GOAL OF THE EXERCISE: Determine how many lines in the data below contain "fill" and write only that number.

[Items from a data source]
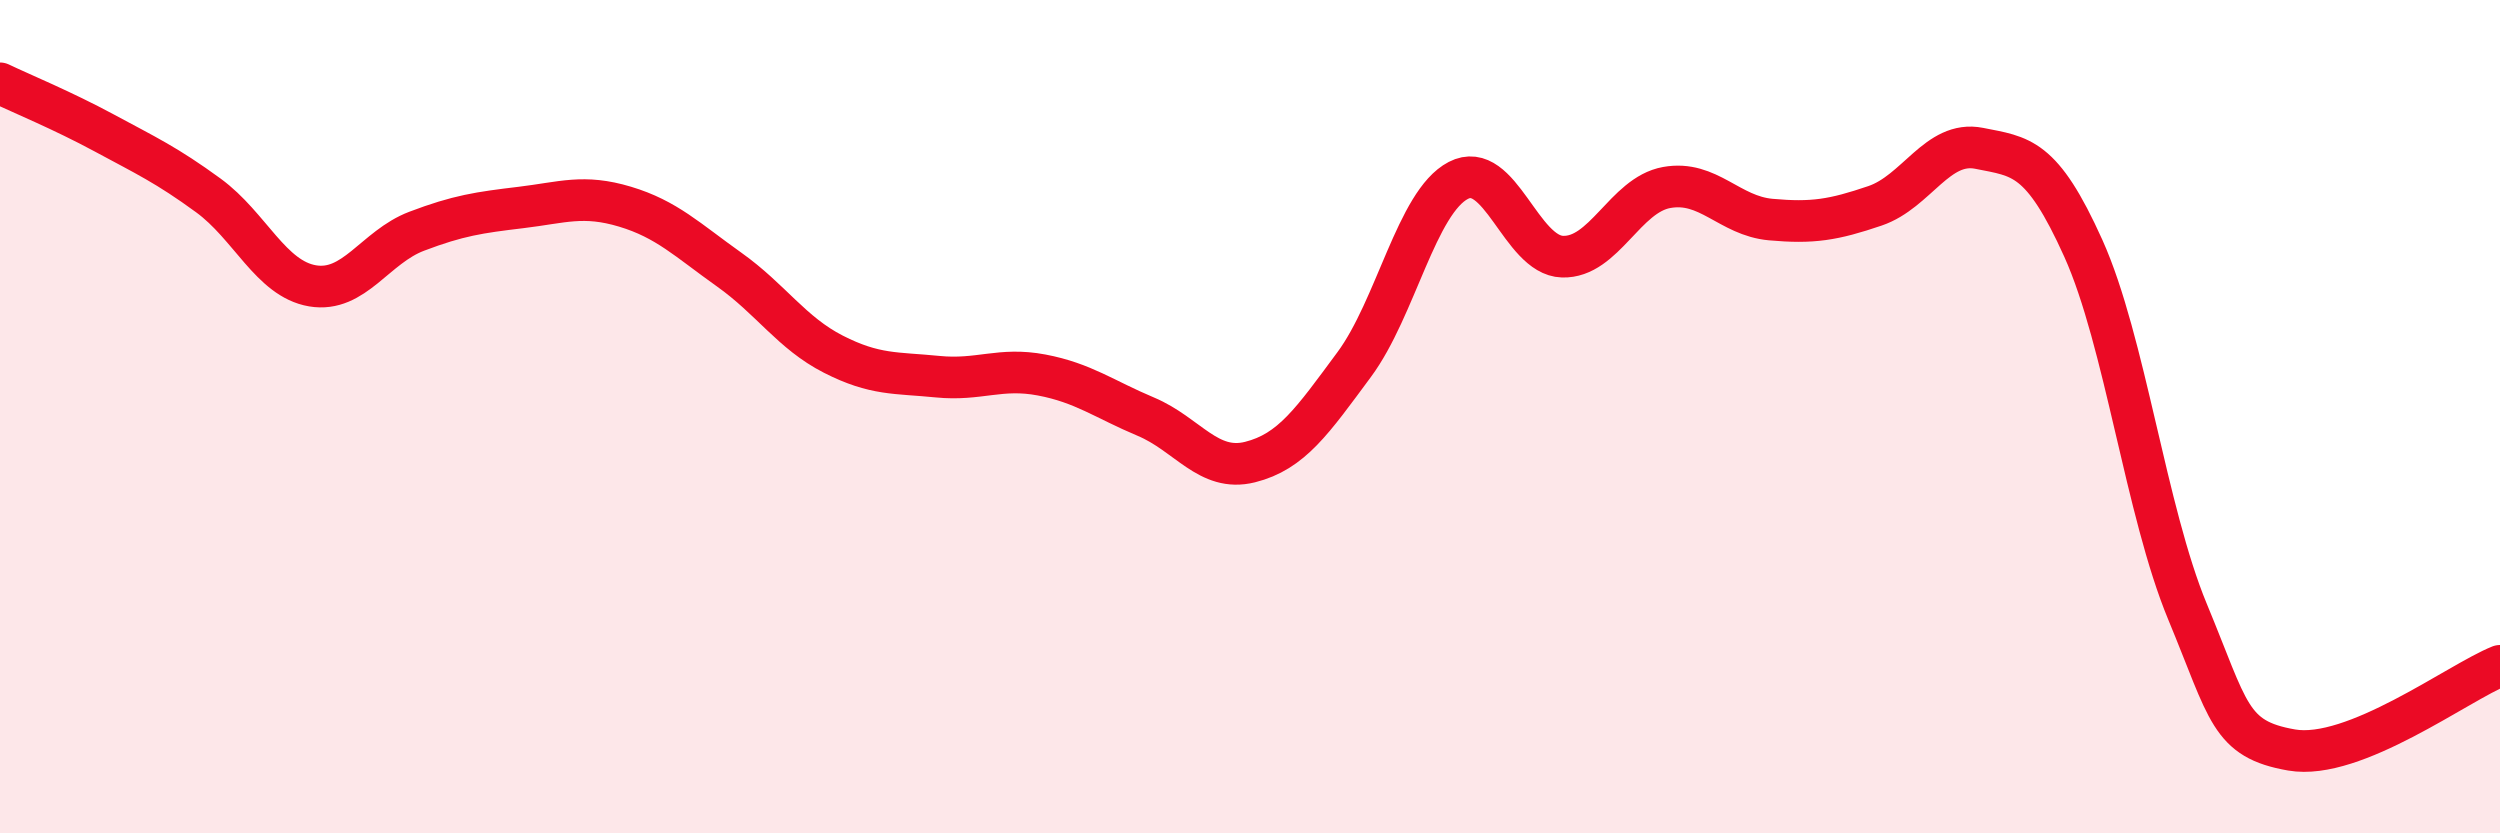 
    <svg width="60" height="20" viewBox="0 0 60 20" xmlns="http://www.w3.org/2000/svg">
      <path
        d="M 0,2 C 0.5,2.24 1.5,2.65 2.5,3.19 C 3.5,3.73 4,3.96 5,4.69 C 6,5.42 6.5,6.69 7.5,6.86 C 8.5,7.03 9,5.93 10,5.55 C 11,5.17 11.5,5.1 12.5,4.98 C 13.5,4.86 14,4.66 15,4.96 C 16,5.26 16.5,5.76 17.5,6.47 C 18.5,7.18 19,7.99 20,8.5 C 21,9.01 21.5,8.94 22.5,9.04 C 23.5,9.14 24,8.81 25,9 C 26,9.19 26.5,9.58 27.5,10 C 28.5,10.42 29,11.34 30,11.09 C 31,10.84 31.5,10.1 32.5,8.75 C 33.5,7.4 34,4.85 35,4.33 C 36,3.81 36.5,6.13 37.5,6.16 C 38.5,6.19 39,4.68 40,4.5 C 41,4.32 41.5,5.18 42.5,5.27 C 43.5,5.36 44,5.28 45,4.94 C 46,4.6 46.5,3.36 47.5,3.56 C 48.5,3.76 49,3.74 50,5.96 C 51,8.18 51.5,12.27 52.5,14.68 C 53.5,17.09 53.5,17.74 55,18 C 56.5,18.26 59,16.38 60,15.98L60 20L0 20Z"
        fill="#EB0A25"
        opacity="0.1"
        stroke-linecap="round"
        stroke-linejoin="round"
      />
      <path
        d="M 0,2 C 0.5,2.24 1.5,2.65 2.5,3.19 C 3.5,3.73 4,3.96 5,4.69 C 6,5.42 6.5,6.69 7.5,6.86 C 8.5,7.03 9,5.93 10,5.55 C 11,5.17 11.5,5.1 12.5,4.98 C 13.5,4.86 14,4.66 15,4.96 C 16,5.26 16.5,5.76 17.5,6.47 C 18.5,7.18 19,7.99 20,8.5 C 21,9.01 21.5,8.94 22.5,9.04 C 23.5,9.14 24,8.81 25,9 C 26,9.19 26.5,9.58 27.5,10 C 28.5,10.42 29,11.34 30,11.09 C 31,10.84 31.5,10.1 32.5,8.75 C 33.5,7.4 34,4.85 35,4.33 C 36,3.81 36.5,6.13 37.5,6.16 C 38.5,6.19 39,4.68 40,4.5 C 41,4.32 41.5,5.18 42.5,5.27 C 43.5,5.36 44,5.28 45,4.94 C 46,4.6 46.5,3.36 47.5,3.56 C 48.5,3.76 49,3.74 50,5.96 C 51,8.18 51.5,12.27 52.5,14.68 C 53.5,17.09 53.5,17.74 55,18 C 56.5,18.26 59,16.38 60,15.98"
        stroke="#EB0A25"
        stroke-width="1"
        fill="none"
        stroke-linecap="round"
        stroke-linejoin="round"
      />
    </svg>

--

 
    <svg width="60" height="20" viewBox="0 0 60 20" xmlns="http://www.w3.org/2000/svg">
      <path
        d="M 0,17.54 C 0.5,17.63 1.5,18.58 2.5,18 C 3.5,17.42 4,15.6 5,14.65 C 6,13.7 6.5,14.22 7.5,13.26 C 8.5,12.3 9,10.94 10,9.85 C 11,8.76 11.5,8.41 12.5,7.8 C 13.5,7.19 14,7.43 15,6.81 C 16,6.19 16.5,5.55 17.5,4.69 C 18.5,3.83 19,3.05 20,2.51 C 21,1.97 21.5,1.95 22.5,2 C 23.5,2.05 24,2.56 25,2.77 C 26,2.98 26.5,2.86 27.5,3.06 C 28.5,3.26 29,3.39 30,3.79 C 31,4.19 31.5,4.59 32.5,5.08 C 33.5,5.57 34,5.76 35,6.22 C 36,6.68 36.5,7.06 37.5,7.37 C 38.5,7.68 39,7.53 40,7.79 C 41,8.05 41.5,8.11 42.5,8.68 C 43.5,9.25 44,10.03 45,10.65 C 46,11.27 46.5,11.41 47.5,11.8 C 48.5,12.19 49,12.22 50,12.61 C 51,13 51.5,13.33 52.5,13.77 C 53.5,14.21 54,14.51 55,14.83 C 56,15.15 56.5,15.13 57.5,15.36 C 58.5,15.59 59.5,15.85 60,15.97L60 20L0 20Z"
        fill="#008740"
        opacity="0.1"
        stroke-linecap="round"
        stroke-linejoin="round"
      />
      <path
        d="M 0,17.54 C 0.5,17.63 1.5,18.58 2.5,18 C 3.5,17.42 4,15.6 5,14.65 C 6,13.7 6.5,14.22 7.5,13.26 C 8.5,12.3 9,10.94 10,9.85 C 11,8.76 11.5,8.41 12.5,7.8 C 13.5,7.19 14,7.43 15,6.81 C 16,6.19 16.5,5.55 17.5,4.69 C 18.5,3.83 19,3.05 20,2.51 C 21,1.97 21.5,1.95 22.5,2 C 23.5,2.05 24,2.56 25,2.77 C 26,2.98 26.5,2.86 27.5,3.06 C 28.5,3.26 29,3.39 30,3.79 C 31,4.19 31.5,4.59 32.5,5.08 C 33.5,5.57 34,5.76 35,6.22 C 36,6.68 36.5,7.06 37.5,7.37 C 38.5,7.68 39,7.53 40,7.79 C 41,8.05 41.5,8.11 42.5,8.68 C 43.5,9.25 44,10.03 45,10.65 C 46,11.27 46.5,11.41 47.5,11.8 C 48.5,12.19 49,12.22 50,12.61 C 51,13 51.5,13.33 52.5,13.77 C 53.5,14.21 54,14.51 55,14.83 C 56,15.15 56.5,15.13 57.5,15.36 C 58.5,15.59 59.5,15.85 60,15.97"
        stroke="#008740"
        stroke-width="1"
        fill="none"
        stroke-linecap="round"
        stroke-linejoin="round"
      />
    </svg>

SOLUTION TO THIS PROBLEM: 4